Iraq Votes / Next Task for Iraqi Democracy: Unifying the Country

With closure of the polls, the great victory in Iraq became evident: Cautious estimates say that between 65-70 percent of all voters took part in the first national elections in the country in more than 50 years.

With closure of the polls, the great victory in Iraq became evident: Cautious estimates say that between 65-70 percent of all voters took part in the first national elections in the country in more than 50 years. It is an enormous achievement in the campaign against the terrorist organizations that made every effort to torpedo the elections; an enormous victory for the Iraqi leadership, which rejected demands made by various movements inside and outside Iraq to postpone the voting; and an enormous victory for the American government, which has made a democratic Iraq the main mission of its war there.

But the sweeping public legitimacy given to the elections by the Iraqi people is no guarantee of democracy's success in their country, and the two issues - democracy and elections - should not be confused. The idea of elections was formulated from the start as a solution to enable the existence of a temporary government, in which the main political players, the Shi'ites in their many factions and the Kurds, could run the country by agreement, with the Americans. Therefore, with all due respect that should be ascribed to the successful elections, it is the results of the voting that will determine the political coalitions and constellations. Those coalitions will determine the nature of Iraqi democracy: how much freedom of speech an Iraqi citizen enjoys, what the rights of women and of ethnic and religious minorities will be - and, no less important, how the country's foreign policy will be forged.
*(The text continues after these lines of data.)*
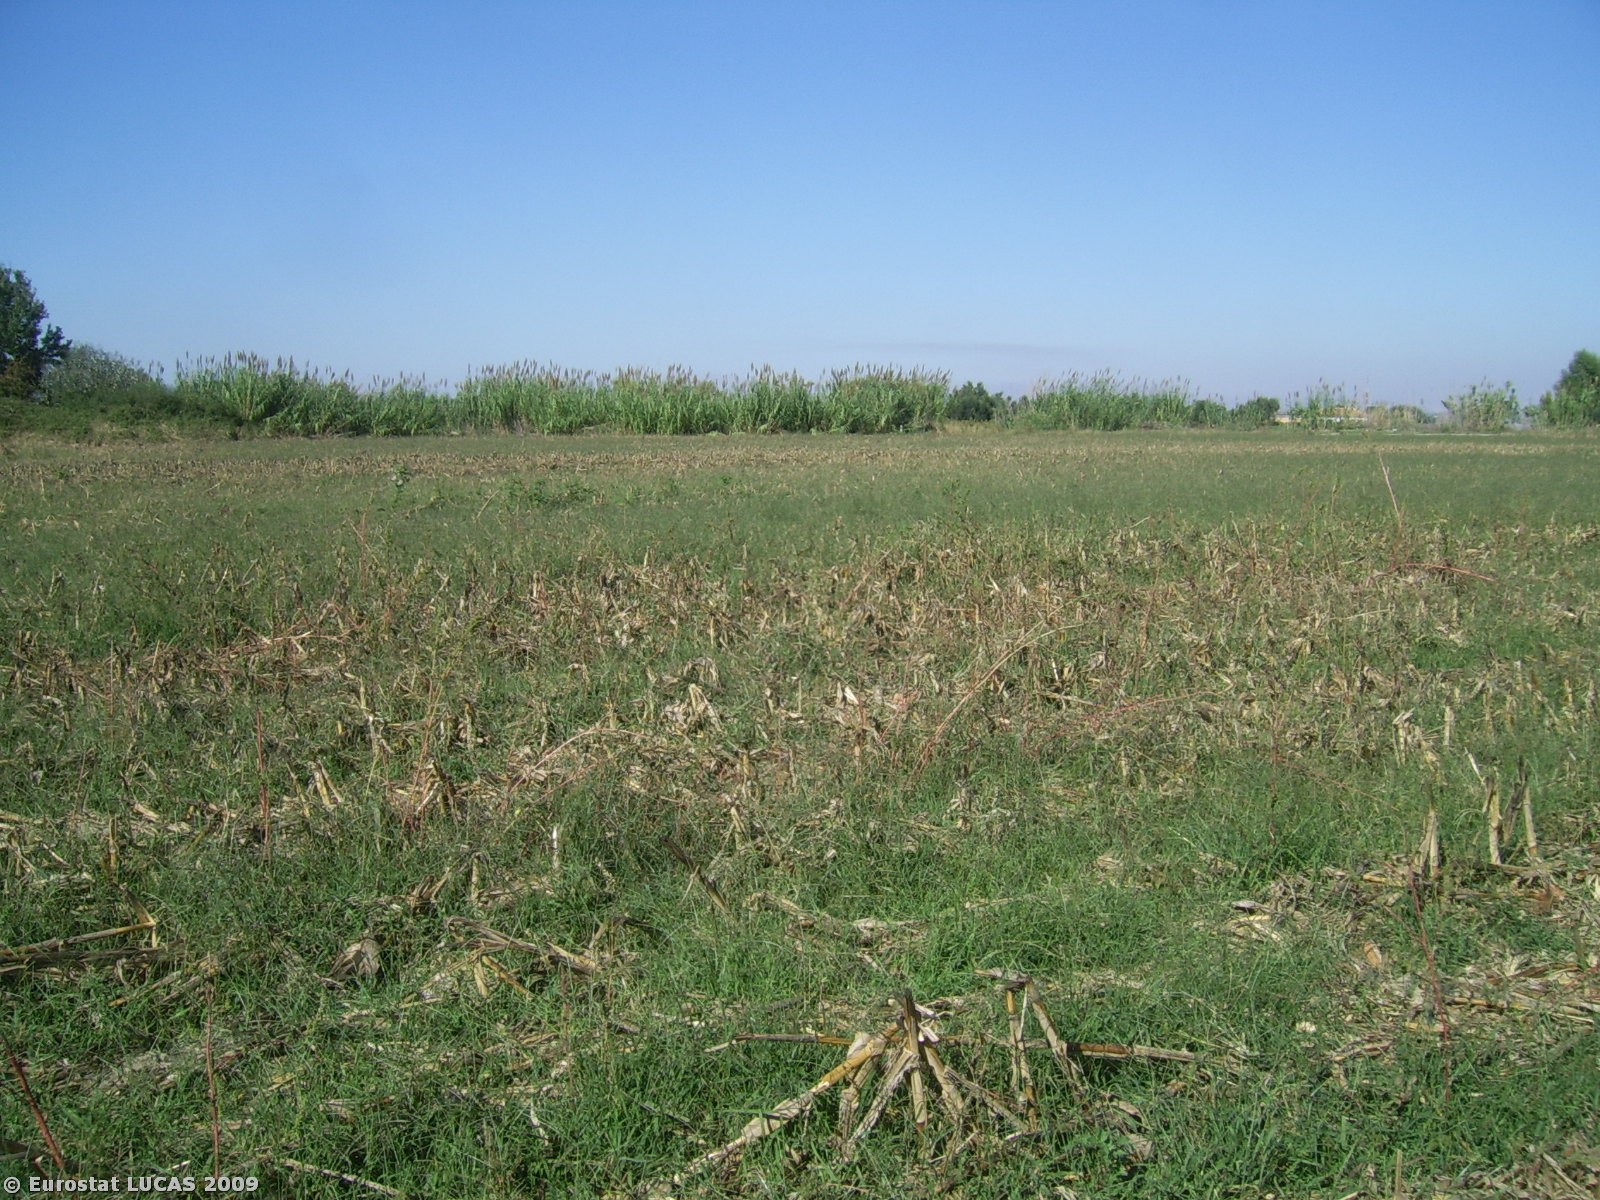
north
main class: Cropland
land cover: Maize
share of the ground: < 10 %
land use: Agriculture (excluding fallow land and kitchen gardens)
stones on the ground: < 10 %
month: October
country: GR
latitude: 37.8207
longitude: 21.3088

There was no need for elections to know that the Shi'ite majority would run Iraq. But will it be a secular Shi'ite majority headed by Dr. Iyad Allawi, the current prime minister, or the religious Shi'ites, whose leader is Abdul Aziz Alhakim? Will the Kurds agree to give up their demand for a federative regime in which their district is run independently, and will they go with whomever promises them more control over Kirkuk, which has become the flammable focus of Kurdish rivalries?

The 275 parliamentarians elected yesterday will have to provide an answer to these questions very soon, after it becomes evident who won and who will be the president and prime minister. It's not merely a matter of ministerial portfolios and jobs. The important task of framing a constitution is at stake. Two important obstacles face the the framers: one involves the Kurdish veto over any change to the current, temporary constitution, and the second, the role of religion as a source of constitutional authority (according to the current, temporary constitution the sharia - Islamic law - is only one of the sources of authority of the constitution).
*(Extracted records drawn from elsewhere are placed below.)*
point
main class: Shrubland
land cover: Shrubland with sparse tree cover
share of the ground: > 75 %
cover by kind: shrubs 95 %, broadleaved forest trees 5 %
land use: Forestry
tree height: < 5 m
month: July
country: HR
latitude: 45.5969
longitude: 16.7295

Both amendments are opposed by the Kurds, who don't regard themselves as part of the Arab or Iraqi religious fabric. Subjecting the Kurdish district to Baghdad's rule, an issue that was not solved under the current regime, will therefore be a major issue for the next government.

The success of the elections can largely be attributed to the determination of the religious Shi'ite leadership, headed by Ayatollah Ali Sistani, to organize and hold them, and the political preparations he made to advance his goals. Sistani, who was largely responsible for putting down the rebellion of Shi'ite isolationist Muqtada al-Sadr, opposes the establishment of a religious state along the lines of Iran, where the religious leader is also the political leader. But he won't concede the role of religion as an integral part of legislation, with a much more comprehensive scope than that existing according to the temporary constitution. That could have an impact on the relationship between the new government and parliament with the Kurds and the Sunni minority, which anyway feels it got the short end of the stick and won't have any influence over political life in the country.

The government's relationship with the Kurds, which will be part of the Iraqi parliament and the new government that is formed, will also have to deal with the fears of the other countries in the region with Kurdish minorities - Turkey and Iran. Any move by the Iraqi government to allow an independent Kurdish district, or even a federative government in Iraq, will encounter Turkish and Iranian opposition that could affect the new government's ability to consolidate its powers. Iran is already suspected of fomenting subversive activity in Iraq to create a political base there, while Turkey could hurt Kurdish trade that passes through it, thus creating another friction point.

Actually, none of these are new problems that arose in the wake of the elections; rather they surfaced in anticipation of the possibility that the new government might succeed where the previous one failed.

There could be great disappointment or even a backlash against the elections, and the government that was voted in during them, if they don't succeed in convincing Iraqis that there will be more security for its citizens, don't yield well-deserved political or religious benefits for the Shi'ites - who were persecuted for years and kept out of government in Saddam Hussein's day - and don't grant the Kurds the political changes they have longed for during so many years of suffering.